# [Exercise objective]
Check each line of the records below and collect those that include the word "keine".

# [The data]
..........

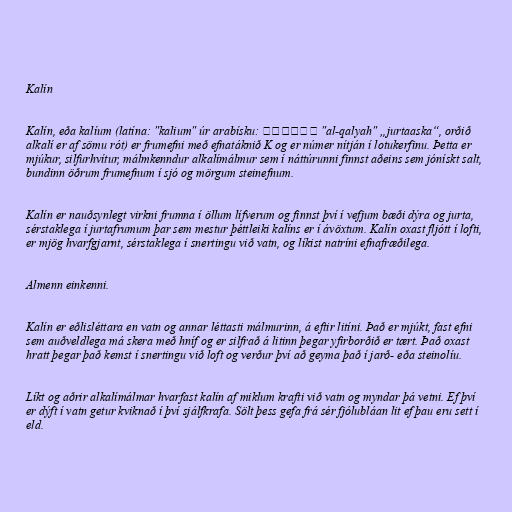
Kalín

Kalín, eða kalíum (latína: "kalium" úr arabísku: القَلْيَه‎ "al-qalyah" „jurtaaska“, orðið
alkalí er af sömu rót) er frumefni með efnatáknið K og er númer nítján í lotukerfinu. Þetta er
mjúkur, silfurhvítur, málmkenndur alkalímálmur sem í náttúrunni finnst aðeins sem jónískt salt,
bundinn öðrum frumefnum í sjó og mörgum steinefnum.

Kalín er nauðsynlegt virkni frumna í öllum lífverum og finnst því í vefjum bæði dýra og jurta,
sérstaklega í jurtafrumum þar sem mestur þéttleiki kalíns er í ávöxtum. Kalín oxast fljótt í lofti,
er mjög hvarfgjarnt, sérstaklega í snertingu við vatn, og líkist natríni efnafræðilega.

Almenn einkenni.

Kalín er eðlisléttara en vatn og annar léttasti málmurinn, á eftir litíni. Það er mjúkt, fast efni
sem auðveldlega má skera með hníf og er silfrað á litinn þegar yfirborðið er tært. Það oxast
hratt þegar það kemst í snertingu við loft og verður því að geyma það í jarð- eða steinolíu.

Líkt og aðrir alkalímálmar hvarfast kalín af miklum krafti við vatn og myndar þá vetni. Ef því
er dýft í vatn getur kviknað í því sjálfkrafa. Sölt þess gefa frá sér fjólubláan lit ef þau eru sett í
eld.
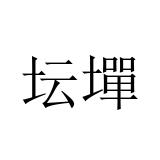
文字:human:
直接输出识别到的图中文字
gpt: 坛墠
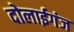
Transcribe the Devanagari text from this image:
दोलाईगंज
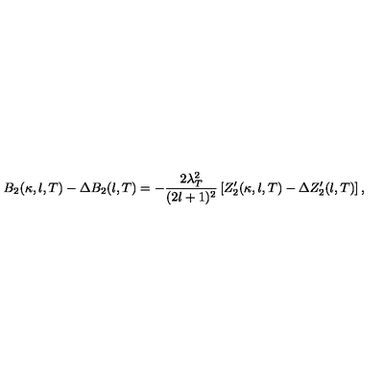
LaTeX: B _ { 2 } ( \kappa , l , T ) - \Delta B _ { 2 } ( l , T ) = - \frac { 2 \lambda _ { T } ^ { 2 } } { ( 2 l + 1 ) ^ { 2 } } \left[ Z _ { 2 } ^ { \prime } ( \kappa , l , T ) - \Delta Z _ { 2 } ^ { \prime } ( l , T ) \right] ,
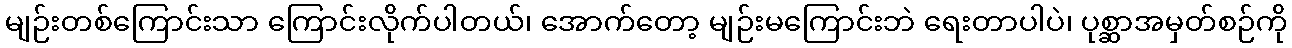
မျဉ်းတစ်ကြောင်းသာ ကြောင်းလိုက်ပါတယ်၊ အောက်တော့ မျဉ်းမကြောင်းဘဲ ရေးတာပါပဲ၊ ပုစ္ဆာအမှတ်စဉ်ကို
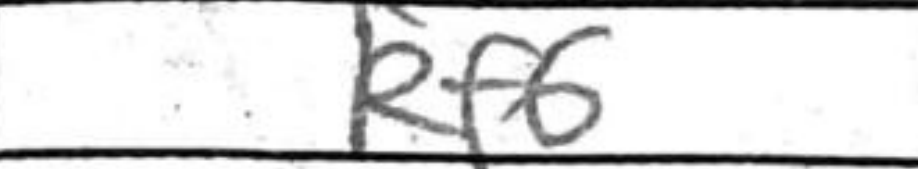
Transcription: Rf6
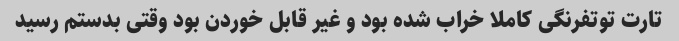
تارت توتفرنگی کاملا خراب شده بود و غیر قابل خوردن بود وقتی بدستم رسید
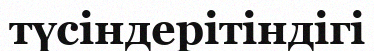
түсіндерітіндігі
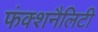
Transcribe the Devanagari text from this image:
फंक्शनैलिटी
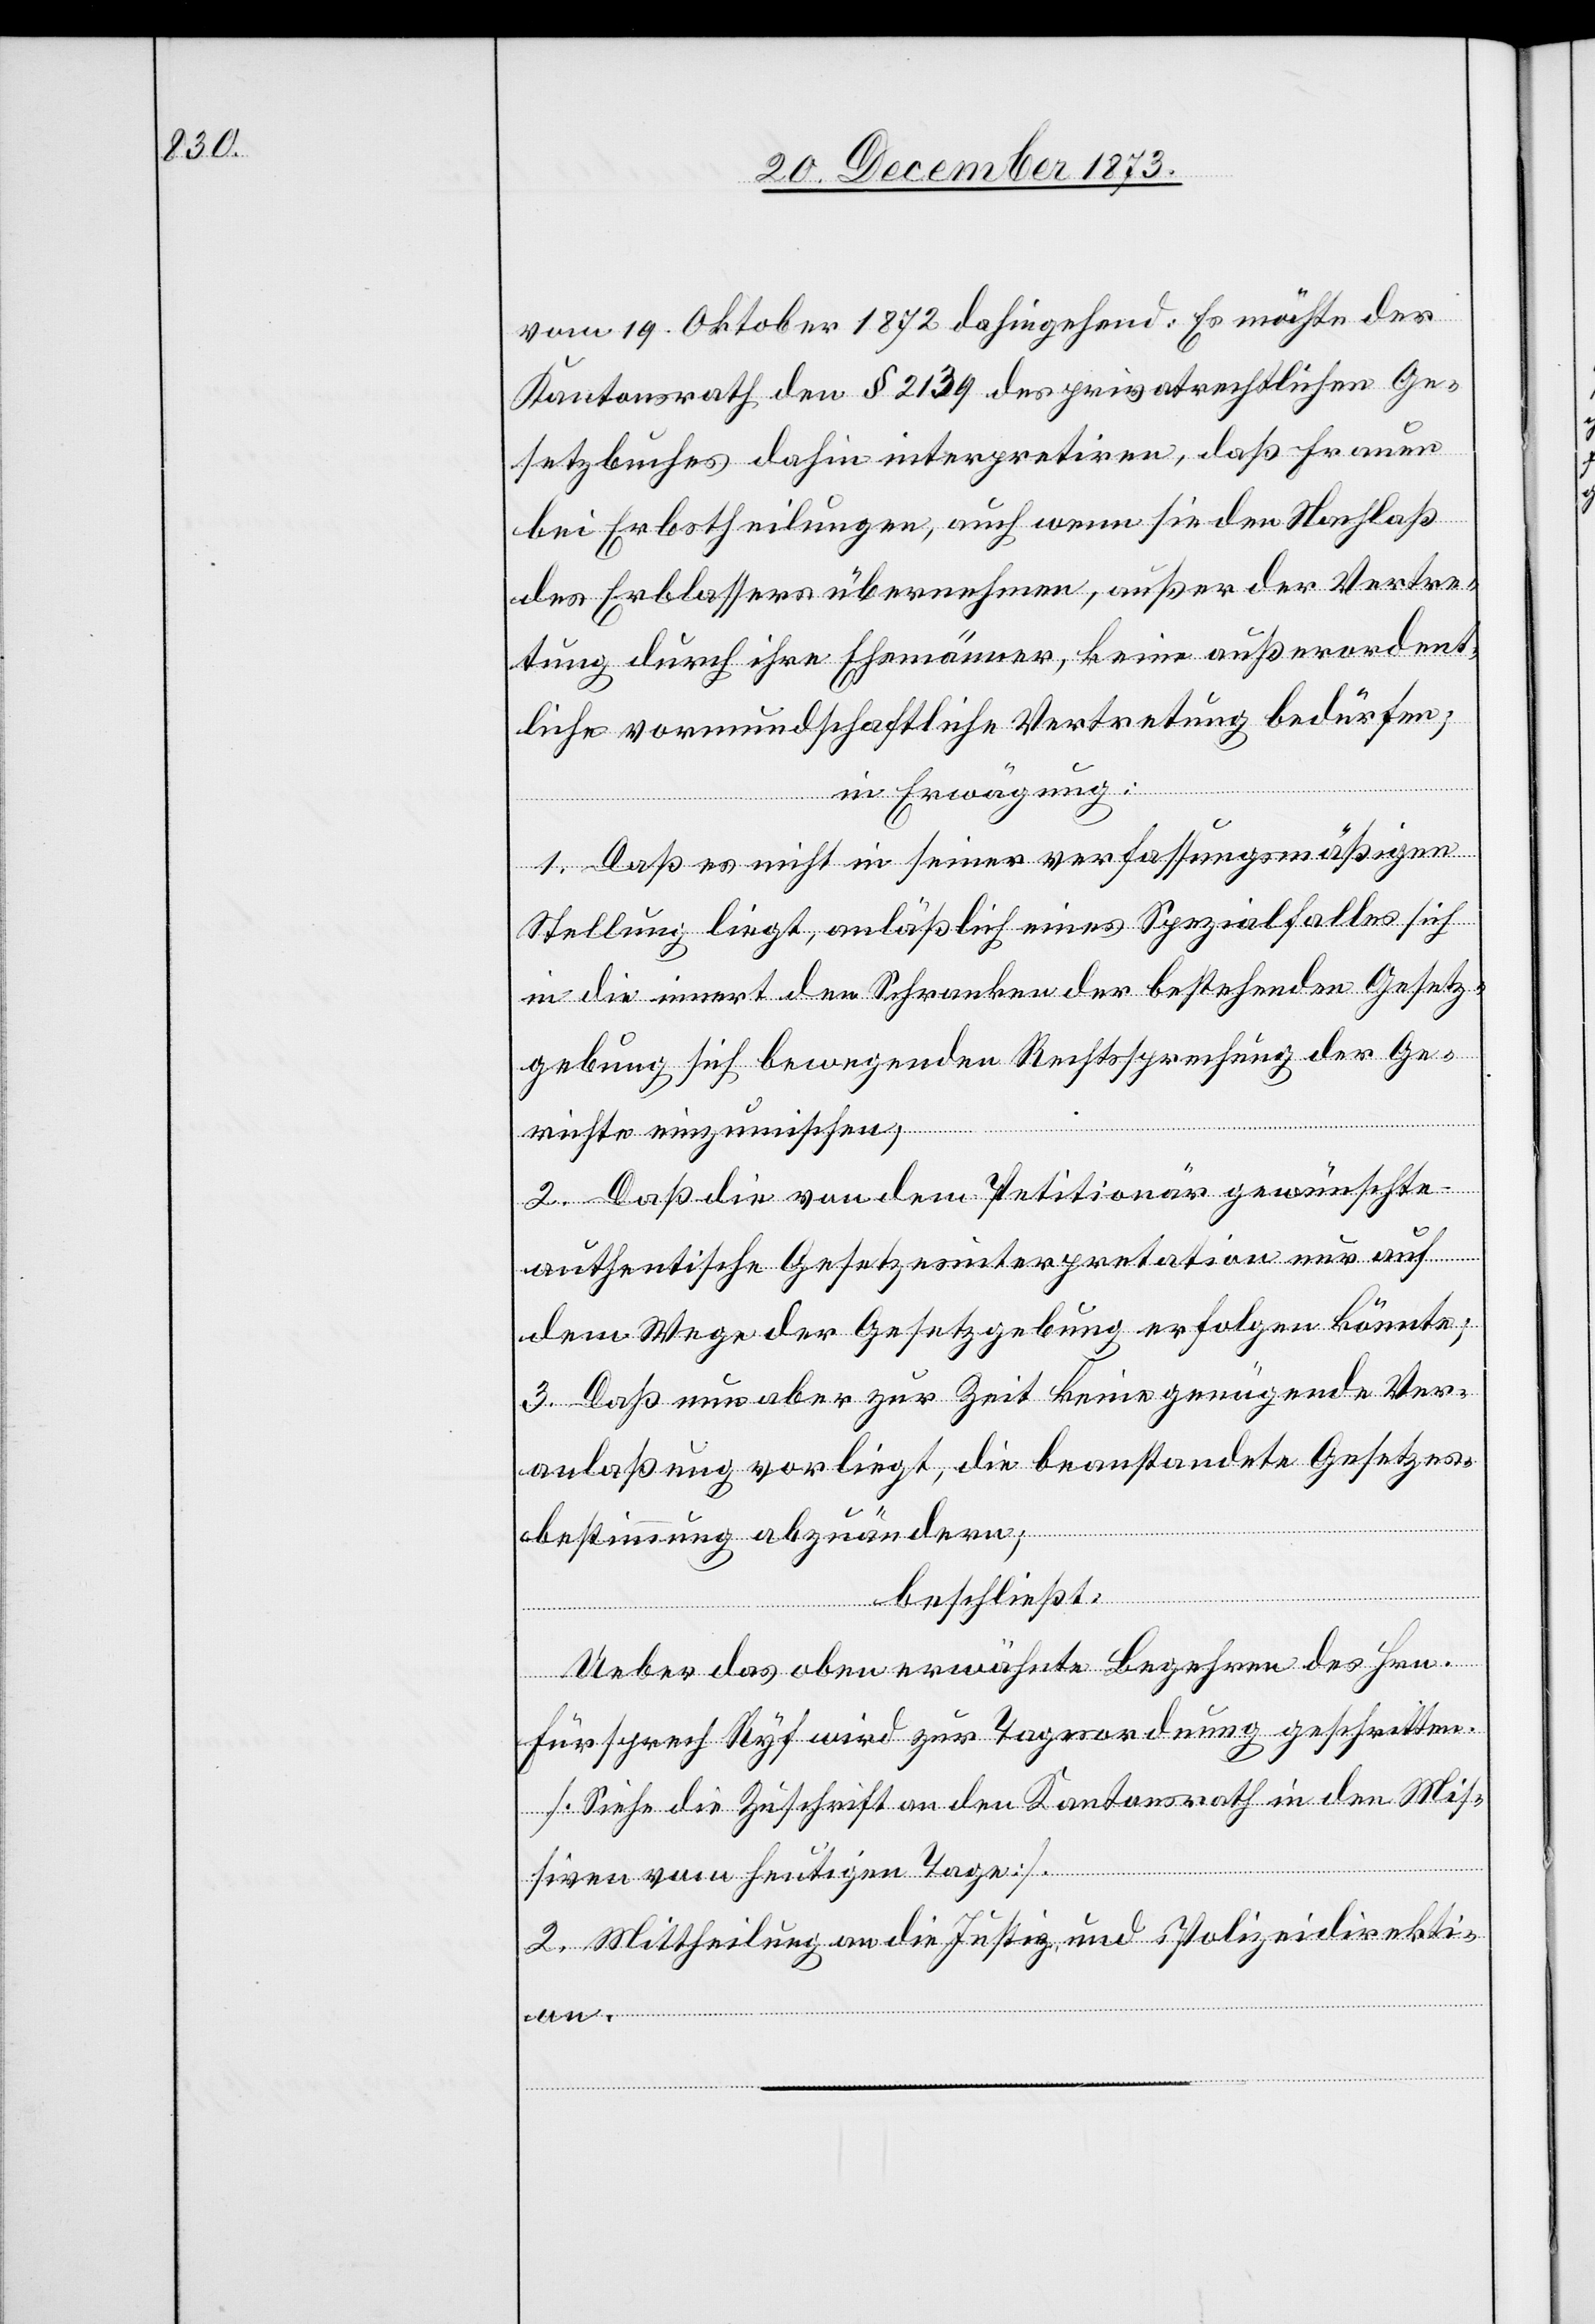
vom 19. Oktober 1872 dahingehend: Es möchte der
Kantonsrath den § 2139 des privatrechtlichen Ge¬
setzbuches dahin interpretiren, daß Frauen
bei Erbstheilungen, auch wenn sie den Nachlaß
des Erblassers übernehmen, außer der Vertre¬
tung durch ihre Ehemänner, keine außerordent¬
liche vormundschaftliche Vertretung bedürfen;
in Erwägung:
1. Daß es nicht in seiner verfassungsmäßigen
Stellung liegt, anläßlich eines Spezialfalles sich
in die innert den Schranken der bestehenden Gesetz¬
gebung sich bewegenden Rechtssprechung der Ge¬
richte einzumischen,
2. Daß die von dem Petitionär gewünschte
authentische Gesetzesinterpretation nur auf
dem Wege der Gesetzgebung erfolgen könnte;
3. Daß nun aber zur Zeit keine genügende Ver¬
anlaßung vorliegt, die beanstandete Gesetzes¬
bestimmung abzuändern;
beschließt:
Ueber das oben erwähnte Begehren des Hrn.
Fürsprech Ryf wird zur Tagesordnung geschritten.
[Siehe die Zuschrift an den Kantonsrath in den Mis¬
siven vom heutigen Tage].
2. Mittheilung an die Justiz- und Polizeidirekti¬
on.

..........

# [Solved exercise]
tung durch ihre Ehemänner, keine außerordent¬
3. Daß nun aber zur Zeit keine genügende Ver¬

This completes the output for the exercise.